Please take your time removing your plant from its packaging.
Soil -- Like most Fuchsias, this one likes moist soil that's high in organic matter, but that also drains well. Regular potting soil can work, but i would add some perlite to lighten it (1 part perlite to 2 parts soil). If you mix your own soil, use something along the lines of 3 parts well-decomposed compost to 1 part sand and 1 part perlite or pumice rock. I like to add some slow-release organic fertilizer too.
Pot size -- Start it in a 1 gallon pot or thereabouts. When the roots start circling around the bottom and poke out of the holes, it's time to repot to a larger container, like a 3 gallon size, or into the ground, if you're in a mild-winter area. If you choose to keep it in a pot, you'll need to transplant to a larger container eventually.
Before sliding your plant from it's pot, give it a watering, so the soil doesn't break apart, which can damage the roots. If the plant is hard to slide out, push a pen or a stick into the holes at the bottom to help push it out. After transplanting, don't compress the soil down - simply water it.
I recommend growing your plant indoors until it's grown at least a few inches. You can use a fluorescent bulb if you keep it about 6-8" from the plants. Do not use incandescent (screw-in) bulbs, even if they're called "plant bulbs". You can also put them in well-filtered sunlight. Transition it to more sun very gradually - no more than an hour more sun every week or two. Fuchsias don't like dry air. Over 50% humidity is recommended.
Watering - Fuchsia boliviana likes moist soil, but it shouldn't be perpetually soggy either. Water whenever the soil is about halfway dry down where the roots are. For the first month, please ensure the original soil ball remains moist. I recommend using a moisture meter probe to monitor the soil moisture. You can buy this at garden and hardware stores for about $4. You simply stick the probe in the soil at the level where the roots are, and water whenever the needle is halfway across the dial. Never let the pot dry out completely, but don't let them sit in a tray of water either. I strongly recommend using bottled or spring water until your plant has grown a foot taller.
Feeding - Your Fuchsia likes average fertilizing. Feed once a month during periods of active growth, using an ordinary complete vegetable fertilizer at 1/2 the recommended dose. Don't overfeed them - it will not speed its growth and may end up killing it. Most potting soil contains fertilizer, which means your plant won't need to be fed for the first month or two. If some of the older leaves turn yellow and drop, this is usually a sign that the plant may need more fertilizer (nitrogen). If the newer growth should turn yellow with green veins, the pH of your tap water is probably too high. Switch to bottled water if this occurs. It's normal for the growing tips to appear a little reddish or yellow-green initially.

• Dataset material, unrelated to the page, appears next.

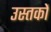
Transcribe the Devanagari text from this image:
उस्तकों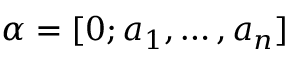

Growing outdoors - Fuchsia boliviana prefers filtered sunlight. Morning sun + afternoon shade is fine, as is tree-filtered sunlight all day. The plant prefers moderate temperatures and cool nights. The ideal temps would be between 60 and 80 during the day, and 45 to 65 at night. In warmer areas, give the plants mid-day shade, and don't place them near a wall where heat can collect. Keep the pot shaded to avoid overheating the roots, and mulch heavily to keep the soil moist. Black pots are not recommended. You may plant them in the ground in mild-winter areas, such as along the Pacific coast. Protect the plants from all frost.
Pests to watch for - whitefly, aphids, scale (little lumps on the stems or leaves), mealybugs, and possibly spider mites (tiny "dots" under the leaves).
If you have any questions, feel free to email me.
Have fun growing it!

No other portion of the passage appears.